[Unicode]  Frequently Asked Questions Home | Site Map | Search

Unicode Character Database

Q: What is the Unicode Character Database?

A: It is a set of data files defining character properties and other information about Unicode characters. It is commonly known by the acronym "UCD".

Q: Where can I find the Unicode Character Database?

A: The latest version of the UCD is always found online at: http://www.unicode.org/Public/UCD/latest/.

Q: Where can I find general information about the Unicode Character Database?

A: See About the Unicode Character Database.

Q: O.k., but I need detailed information about the data file structure and character properties. Where do I find that?

A: Unicode Standard Annex #44, Unicode Character Database, provides the detailed documentation about the UCD, including file formats, all information about specialized files, including test data files, and information about each character property defined in the UCD.

Q: Whoa! Some of those file formats are pretty arcane and hard to parse. Can't you provide this character data in a format that can be parsed with standard tools?

A: Of course! Starting with Unicode 5.1, the entire UCD is also available in XML format. The XML version is available in the versioned directory for each release. The latest version of the XML files can always be found at: http://www.unicode.org/Public/UCD/latest/ucdxml/.

Q: Where is the documentation for the XML data representation?

A: Start with the readme.txt, which explains what each of the zipped XML data files contains: http://www.unicode.org/Public/UCD/latest/ucdxml/.
The detailed specification of the attributes and other conventions used in the XML can be found in Unicode Standard Annex #42, Unicode Character Database in XML

Q: Why don't you provide an XML Schema for the XML representation of the UCD?

A: We found that the development of a Relax NG schema (an ISO standard, by the way) is considerably simpler than the development of a W3C XML Schema.

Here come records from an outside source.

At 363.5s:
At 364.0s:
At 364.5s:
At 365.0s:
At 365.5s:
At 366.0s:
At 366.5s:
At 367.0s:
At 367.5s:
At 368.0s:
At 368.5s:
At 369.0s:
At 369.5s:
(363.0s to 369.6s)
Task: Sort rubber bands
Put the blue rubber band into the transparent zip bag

Furthermore, there are tools to convert from Relax NG to XML Schema (for example, trang, available from thaiopensource.com), should the need arise. It is also worth noting that an XML Schema is not required for the proper interpretation of the data for the Unicode Character Database, because there are no default values provided. [EM]

Q: Are there other FAQs which deal with Unicode character properties?

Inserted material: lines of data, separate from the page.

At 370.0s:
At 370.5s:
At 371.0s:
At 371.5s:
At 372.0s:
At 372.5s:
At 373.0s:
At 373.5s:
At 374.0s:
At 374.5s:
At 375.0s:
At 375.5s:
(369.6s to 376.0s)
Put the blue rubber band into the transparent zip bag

A: Yes, questions about particular character properties might be answered at Character Properties, Case Mappings & Names.

Q: What about older versions of the Unicode Character Database?

A: All older versions of the UCD, which are formally a part of earlier releases of the Unicode Standard, are permanently archived on the Unicode web site. They can be found by following the links to component listings for specific versions at: http://www.unicode.org/versions/enumeratedversions.html.